After several hours of driving, we are in need of a good diversion from the interstate; anticipating a welcome change, we pull into the storied Big Texan enterprise zone. The heavily populated parking lot is a promising indice of culinary fare.

The family takes notice of the touristy environs, notably the faux cheesiness of the motel decor just east of the lot. The appearance strikes me as an attempt to imitate the facade of the mid-1800 small town mercantiles. But the execution of the art seems like they went for cheesy and failed. The swimming pool is on the north side, beyond that somewhere is a place for horses to stretch their legs and get down with their bad self.

A white Big Texan limo cruises by and leaves to find more customers. The transport is provided from and to trailer parks, campgrounds, street corners, wherever. It's a nice touch.

If customers licked everything clean, this wouldn't happen

The interior decor of the restaurant has an appropriately western feel, less faux than the motel across the way. Lots of stuffed critters around the dining hall. Cowboy hats on all the staff. Plenty of steer horns for sale, but no way to strap them on your wife's back. I ask for the non-smoking section. The hostess repeats, "Non-smoking", and leads us into the dining area.

Ya, you can see this one coming.

The service is prompt upon seating, taking the drink orders. I unwrap the eatin' utensils. Notice watermarks on the knife. No problem; but what is that? Something crusty on the blade. The good wife notices something cooked onto her knife also. We ask for another set.

The waiter takes two sets off of another table. We unfold them and again find my knife has food baked onto the blade. My wife has a large blob of something dark green cooked onto her fork. Waitress comes by, gags, says she will get a fresh set from the kitchen.

Right now, I'm thinkin' it may be time to find another restaurant. But no one else seems to be overly bothered. And somehow, I have faith in the waitress to make everything right. A customer two tables over fires up a cigarette.

The waitress comes back with clean utensils, takes the medium rare orders and disappears. After about thirty-five minutes of chitchat, we figger the waitress must be having problems bulldogging that steer. We discuss leavin' down the road for another chuckwagon if she doesn't stop by and wave.

The steaks eventually arrive, more rare than medium. The menu said that medium rare beef is warm and pink in the middle. I can't tell, because it keeps pulling on the chain.

As we approach the end of our meal, another customer at the table behind us fires up a cigarette.

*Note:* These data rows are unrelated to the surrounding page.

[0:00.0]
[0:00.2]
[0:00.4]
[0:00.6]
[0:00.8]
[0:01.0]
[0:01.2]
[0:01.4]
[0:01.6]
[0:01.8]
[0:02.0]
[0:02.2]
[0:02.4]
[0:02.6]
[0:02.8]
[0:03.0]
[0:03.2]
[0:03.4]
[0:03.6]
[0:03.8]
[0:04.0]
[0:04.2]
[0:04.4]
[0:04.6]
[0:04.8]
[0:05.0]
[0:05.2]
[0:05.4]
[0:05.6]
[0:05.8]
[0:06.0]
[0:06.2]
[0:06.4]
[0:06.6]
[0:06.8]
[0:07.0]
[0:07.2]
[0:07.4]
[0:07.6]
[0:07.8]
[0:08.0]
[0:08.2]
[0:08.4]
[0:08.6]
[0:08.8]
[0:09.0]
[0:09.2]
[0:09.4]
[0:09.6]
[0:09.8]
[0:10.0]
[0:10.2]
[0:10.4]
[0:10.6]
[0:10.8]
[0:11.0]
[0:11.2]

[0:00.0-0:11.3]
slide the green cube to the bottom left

We have been to a number of good steakhouses in our time, where they pay close attention to the customer experience. Once had a steak marinated in whiskey, so tender you could cut it with a little sarcasm.

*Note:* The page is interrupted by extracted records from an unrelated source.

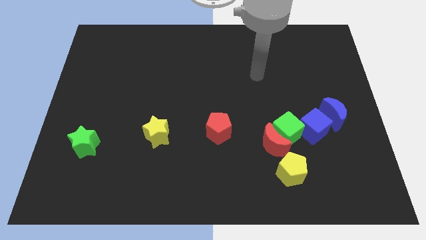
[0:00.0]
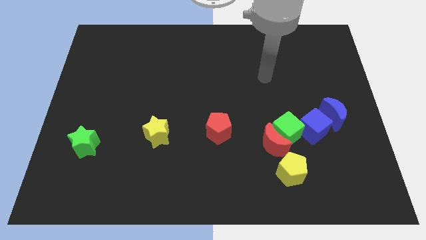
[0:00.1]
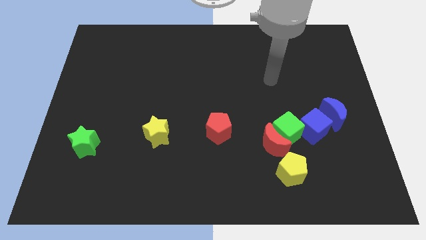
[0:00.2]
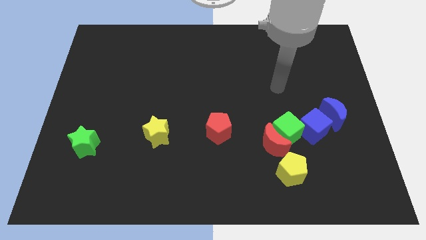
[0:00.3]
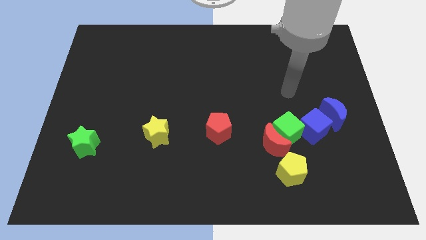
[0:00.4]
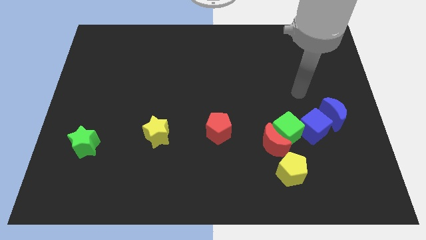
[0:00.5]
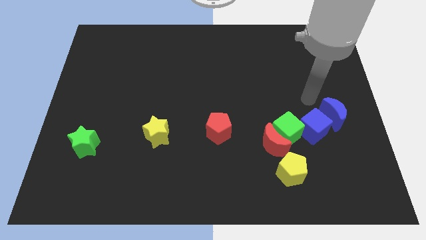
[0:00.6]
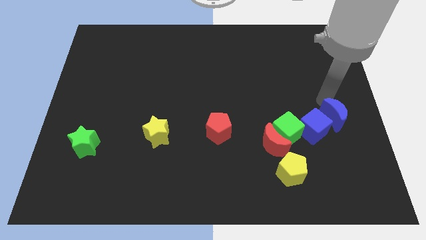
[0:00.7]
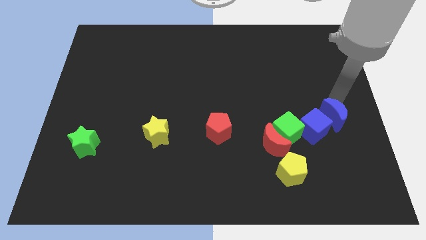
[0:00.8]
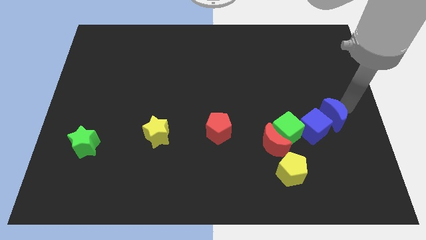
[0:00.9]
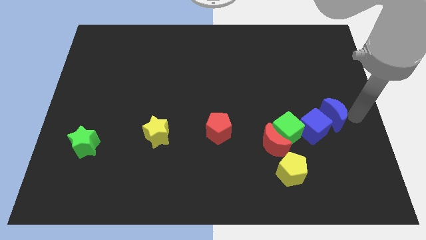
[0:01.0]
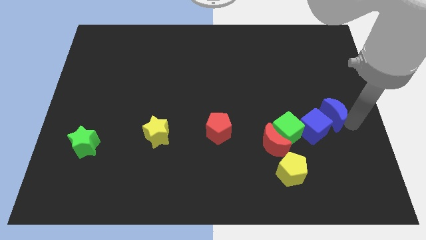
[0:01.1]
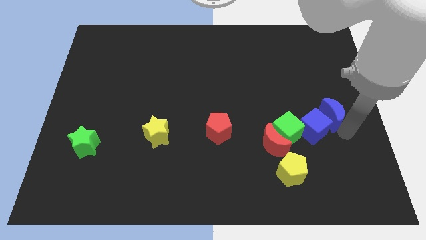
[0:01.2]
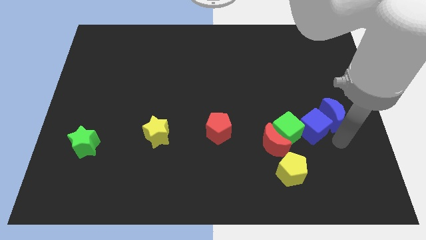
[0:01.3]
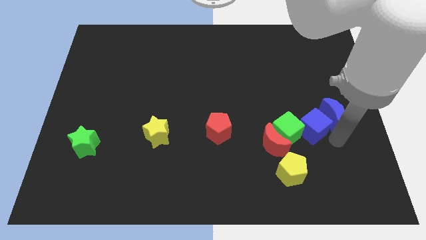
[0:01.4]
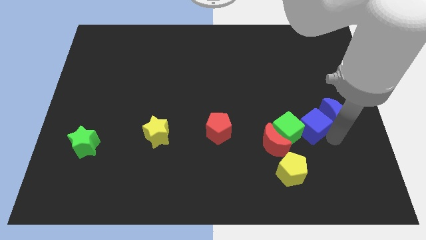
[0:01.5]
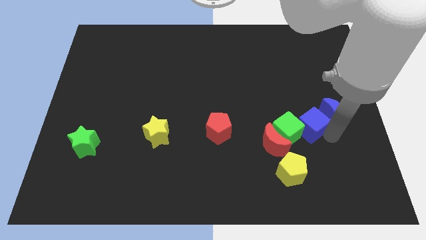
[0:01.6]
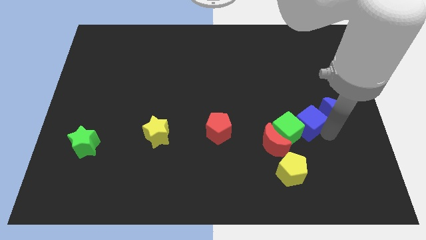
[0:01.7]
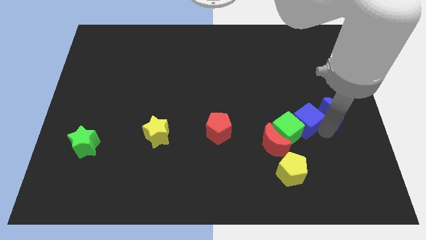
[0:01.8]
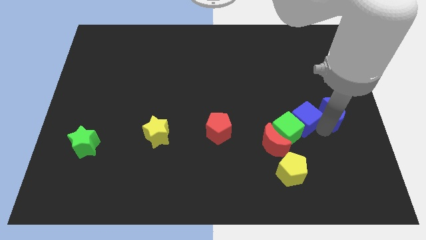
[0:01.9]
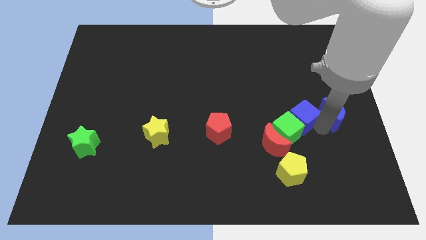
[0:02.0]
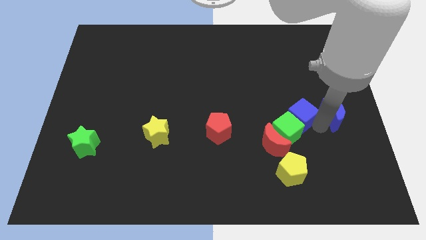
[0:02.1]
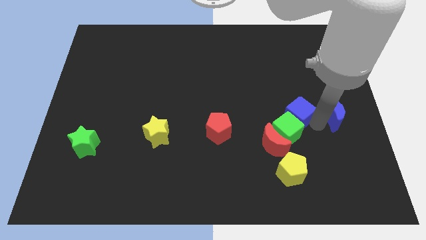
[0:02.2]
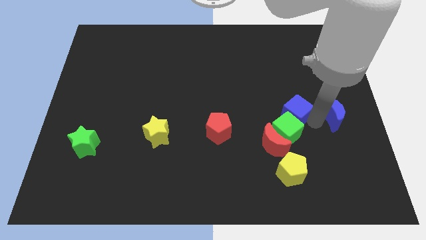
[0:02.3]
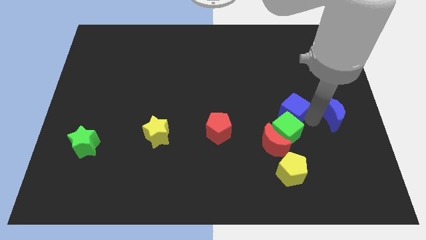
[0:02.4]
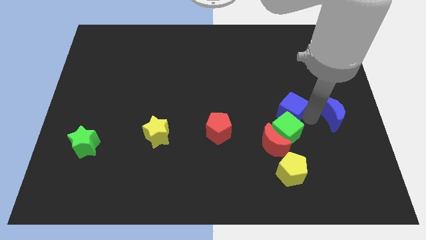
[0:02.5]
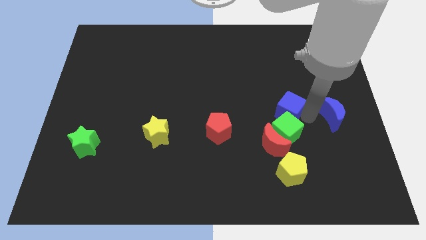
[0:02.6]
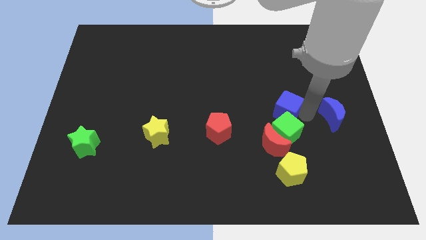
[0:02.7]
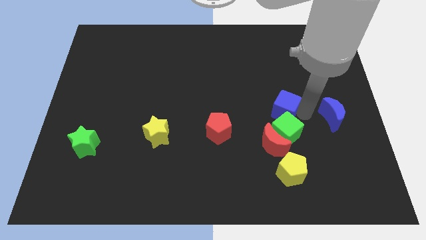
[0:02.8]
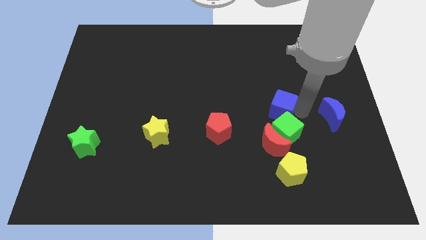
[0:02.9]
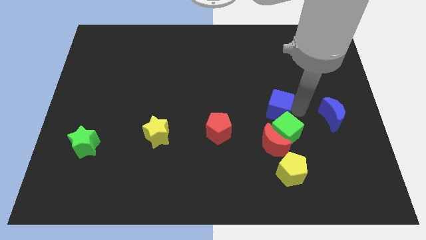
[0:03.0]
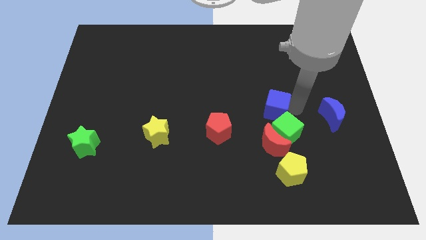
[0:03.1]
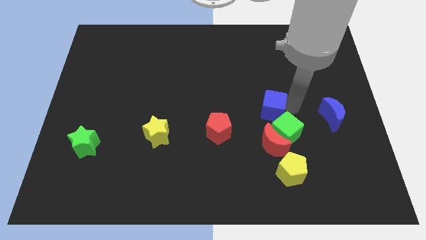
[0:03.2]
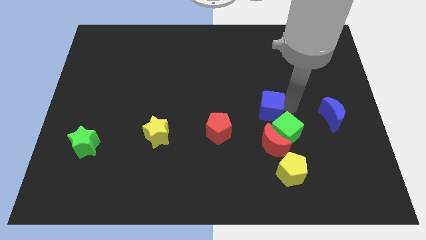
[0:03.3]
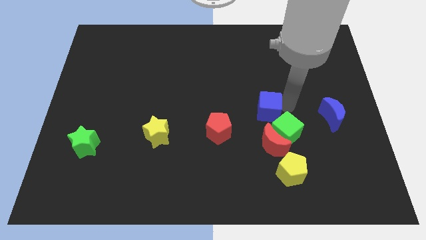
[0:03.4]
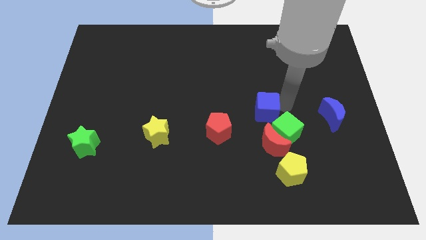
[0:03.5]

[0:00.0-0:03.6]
move the blue cube to the center

However, it'll be quite a spell before we stop again at the Big Texan.


...and a spider over the sink

The good wife, still needing a diversion from the interstate, opts to spend the night at faux cheesy's.

"Sure", I said.

While examining the loss of room inside my pants, my two brain cells search for a correlation between the law of thermodynamics, entropy and a full stomach. At some point they stop, I'm not sure when. That's why I have two of them to keep an eye on each other; in my case, it's what passes for consciousness.

Uh, oh yes. The motel's desk personnel prove to be courteous and friendly.

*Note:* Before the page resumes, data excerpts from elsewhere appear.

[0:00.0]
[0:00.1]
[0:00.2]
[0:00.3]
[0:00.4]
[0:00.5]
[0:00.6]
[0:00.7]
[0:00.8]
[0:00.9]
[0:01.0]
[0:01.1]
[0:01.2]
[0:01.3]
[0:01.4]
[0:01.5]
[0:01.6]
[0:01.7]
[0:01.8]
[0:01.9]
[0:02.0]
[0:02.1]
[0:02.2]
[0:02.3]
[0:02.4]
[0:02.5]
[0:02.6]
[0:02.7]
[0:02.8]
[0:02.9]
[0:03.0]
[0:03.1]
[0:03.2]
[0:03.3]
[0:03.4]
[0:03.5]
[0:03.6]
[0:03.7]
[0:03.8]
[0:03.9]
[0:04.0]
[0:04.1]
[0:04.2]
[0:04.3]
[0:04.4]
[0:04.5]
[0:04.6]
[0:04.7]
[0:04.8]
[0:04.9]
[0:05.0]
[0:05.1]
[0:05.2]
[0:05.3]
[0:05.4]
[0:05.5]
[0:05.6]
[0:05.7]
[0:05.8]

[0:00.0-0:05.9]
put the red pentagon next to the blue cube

The room motif is cowboys and concrete block walls. A couple of pieces of wood were placed in opposite corners for some aesthetic reason that escapes me. Someone did take a lot of time painting western themed pictures. A gold bed lamp, presumably repaired in the 1800's with a sizable lump of gray epoxy, still doesn't work. The fiberglass bathtub has lost considerable gelcoat, exposing strips of dark underlayment. The toilet is one of those small compact designs, okay for women, not as much for men.

Well, amigo. It beats sleeping under the chuckwagon.